# To be continued



## big john (Apr 11, 2008)

So the 1st thing I did was buy a Maverick remote smoker thermometer the ET-73 it monitors the smoking chamber and the meat. 2nd I took the 5 day ecourse and did the mods on the ECB. 3rd I bought a chimmny and some lump charcoal. I am going to attempt to smoke another brisket this weekend. I took some pictures of the mods on the ECB and will take some pictures of the brisket but will need help on how to post them, any ideas? I'm learning the website so please bear with me. I replyed to my first thread thinking I was posting a new one. To post a new thread without replying to another do you go to forum related issues.

Thank you everyone and happy smokin.

Big John


----------



## capt dan (Apr 11, 2008)

Hehehe, Me and dude was wonderin where this disapeared to.


----------



## gobbledot (Apr 11, 2008)

Big John where did ya find your ET_73 at?

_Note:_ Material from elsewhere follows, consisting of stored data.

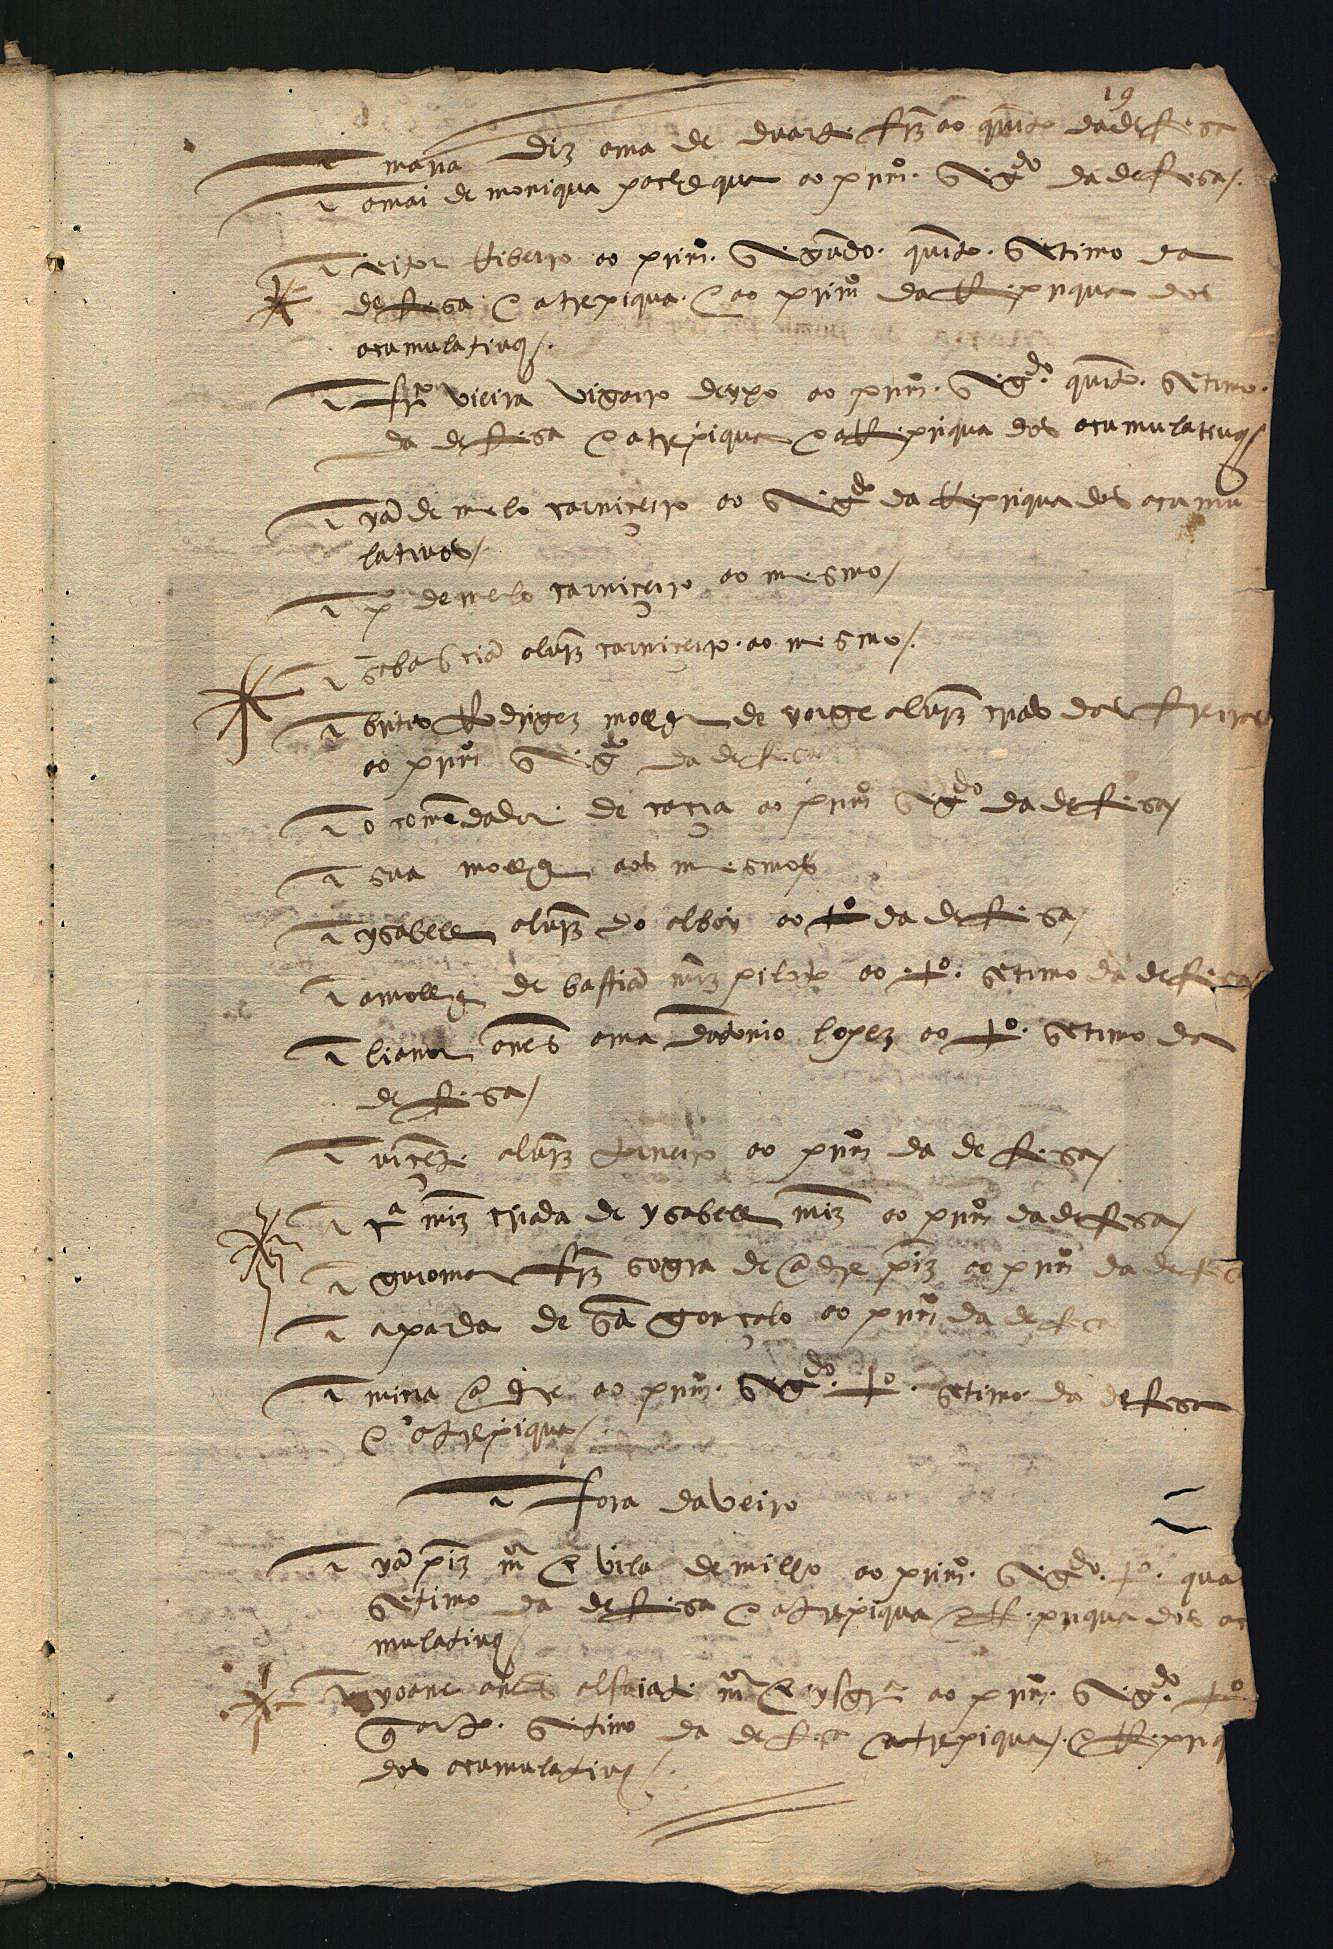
item maria diz ama de duarte fr̄z ao qūito da defesa
item a mai de moniqua pachequa ao primo. segdo da defesa /.
item eitor Ribeiro. ao primo. segūdo. q̄uito. setimo da
defesa e a trepiqua. e ao primo da Repriqua dos
acumulatiuꝯ /.
item frco vieira vigairo deyxo ao primo. segdo. qūito. setimo.
da defesa e a trepiqua e a Retriqua dos acumulatiuꝯ/
item yā de melo carniçeiro ao segdo da Repriqua dos acumu
latiuos /.
item po de melo carniçeiro ao mesmo /
item sabastiā alur̄z carniçeiro. ao mesmo /.
item brites Rodrigez molher de yorge alūrz criado das freiras
ao primo segdo da defesa
item o com̄edador. de caçia ao primo segdo da defesa /
item sua molher aos mesmos/
item ysabell alur̄z do alboy ao to da defesa/
item a molher de bastiā mīz piloto ao .to. setimo da defesa
item lianor ānes ama d̄atonio lopez ao to. setimo da
defesa /
item uiç̄ente alūrz torneiro ao primo da defesa /
item ca m̄iz criada de ysabell m̄iz ao primo da defesa/
item guiomar fr̄z sogra de ādre p̄iz ao primo da defes
item a parda de s̄a gonçalo ao primo da defesa
item miçia ādre ao primo. segdo. to. setimo. da defesa
e a trepiqua /
item fora daveiro
item yā p̄iz mor ē vila de milho ao primo. segdo. to. qua
setimo da defesa e a trepiqua e Repriqua dos ac
mulatiuꝯ /
item yoane anes alfaiate mor ē a ysgra ao primo. segdo. to
q̄arto. setimo da defesa e a trepiqua/. e Repriq
dos acumulatiuꝯ /.

I have looked everywhere around me. I didnt want to resort to the web for the purchas but it is looking more and more like I am going to have to... Thanks..


----------



## bassman (Apr 11, 2008)

To begin posting pictures, upload them to an online web hosting site such as Photobucket.com.  From there, it's pretty easy.  Someone more computer literate will be along to give you more detailed directions 
	

	
	
		
		



		
			






 .   Keith


----------



## glued2it (Apr 11, 2008)

To post a new thread, select the appriate forum. For general discussion use the general discussion forum. brisket under beef ect.
 Forum related issues if for problem occuring with the forum. (things not working)


To learn how to post pictures click here.
This tutorial can be found in the "New Members" forum.


----------